Prove the following using proof of contradiction:
a → c
b → d
(c ∨ d) → ¬e
(e ∨ f) → (a ∨ b)
∴ ¬e
What I have done so far is:
1. a → c
2. b → d
3. (c ∨ d) → ¬e
4. (e ∨ f) → (a ∨ b)
5. ¬(¬e) Assume for contradiction
6. ¬¬e De Morgan (5)
7. e Double Negation (6)
8. ¬a ∨ c Implication Equivalence (1)
9. ¬b ∨ d Implication Equivalence (2)
What do I do next? Please help
On
Tip: Just assume $\rm e$, so should you manage to derive a contradiction, there you may use negation introduction to immediately arrive at the desired conclusion.

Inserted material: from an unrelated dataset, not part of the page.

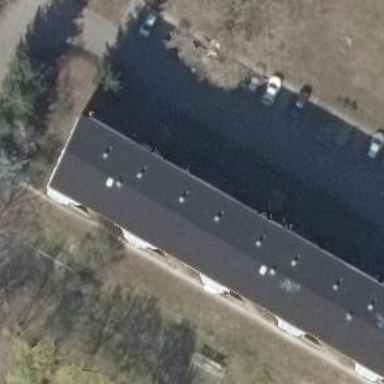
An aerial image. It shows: Building with flat roof.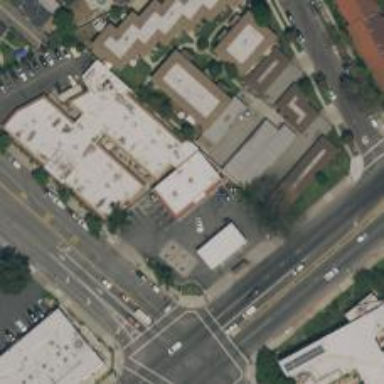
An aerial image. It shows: Convenience shop.

Having assumed $\rm e$, look for a premise in which it occurs. That would be premise 4, where it is a disjunct in the antecedant of a conditional. Introduce a disjunction and eliminate the condtional.
Having so derived $\rm a\lor b$, you need to ... complete the proof by filling in the missing details.
| 1. a → c
| 2. b → d
| 3. (c ∨ d) → ¬e
|_ 4. (e ∨ f) → (a ∨ b)
| |_ 5. e
| | 6. e ∨ f disjunction introduction, 5
| | 7. a ∨ b conditional elimination, 6, 4
: :
| | 19. ¬e disjunction elimination, 7, ..., ...
| | 20. # negation elimination, 5, 19
| 23. ¬e negation introduction, 5-20
$$\def\fitch#1#2{\quad\begin{array}{|l}#1\\\hline#2\end{array}}{\fitch{~~1.~a \to c \\~~2.~b \to d \\~~3.~(c \vee d) \to \neg e \\~~4.~(e \vee f) \to (a \vee b)}{\fitch{~~5.~e}{~~6.~e\vee f\hspace{10ex}\vee\mathsf I,5\\~~7.~a\vee b\hspace{10ex}\to\mathsf E,6,4\\\fitch{~~8.~a}{~~9.~c\hspace{10ex}\to\mathsf E, 8,1\\10.~c\vee d\hspace{6ex}~\vee\mathsf I, 9}\\11.~a\to c\vee d\hspace{5ex}\to\mathsf I, 8{-}10\\\fitch{12.~b}{13.~d\hspace{10ex}\to\mathsf E, 12,2\\14.~c\vee d\hspace{7ex}\vee\mathsf I, 13}\\15.~b\to c\vee d\hspace{6ex}\to\mathsf I, 12{-}14\\16.~c\vee d\hspace{11ex}\vee\mathsf E, 7,11,15\\17.~\neg e\hspace{13ex}\to\mathsf E, 16, 3\\18.~\bot\hspace{14ex}\neg\, \mathsf E,5,17}\\19.~\neg e\hspace{17ex}\neg\,\mathsf I, 5{-}18}\\\blacksquare}$$
On
In the proof the OP offered are these lines:
- ¬(¬e) Assume for contradiction
- ¬¬e De Morgan (5)
De Morgan's laws would not justify going from line 5 to 6. Rather one can ignore the parentheses in line 5 and write it as $¬¬e$.
The following is a proof using a Fitch-style proof checker. It does not have material implication that was used by the OP in lines 8 and 9 but approaches the proof using modus tollens (MT), conjunction elimination (∧E), conjunction introduction (∧I), De Morgan's laws (DeM), double negative elimination (DNE), disjunction introduction (∨I), negation elimination (¬E) and indirect proof (IP)
Kevin Klement's JavaScript/PHP Fitch-style natural deduction proof editor and checker http://proofs.openlogicproject.org/
P. D. Magnus, Tim Button with additions by J. Robert Loftis remixed and revised by Aaron Thomas-Bolduc, Richard Zach, forallx Calgary Remix: An Introduction to Formal Logic, Fall 2019. http://forallx.openlogicproject.org/forallxyyc.pdf
Well, under the assumption that $e$, we know that $$(e\vee f)\to(a\vee b) = (\lnot e\wedge \lnot f)\vee a\vee b$$Since $e$, $$(e\vee f)\to(a\vee b) =a\vee b = c\vee d$$But, $$c\vee d\to \lnot e$$ A contradiction. So, $\lnot e$.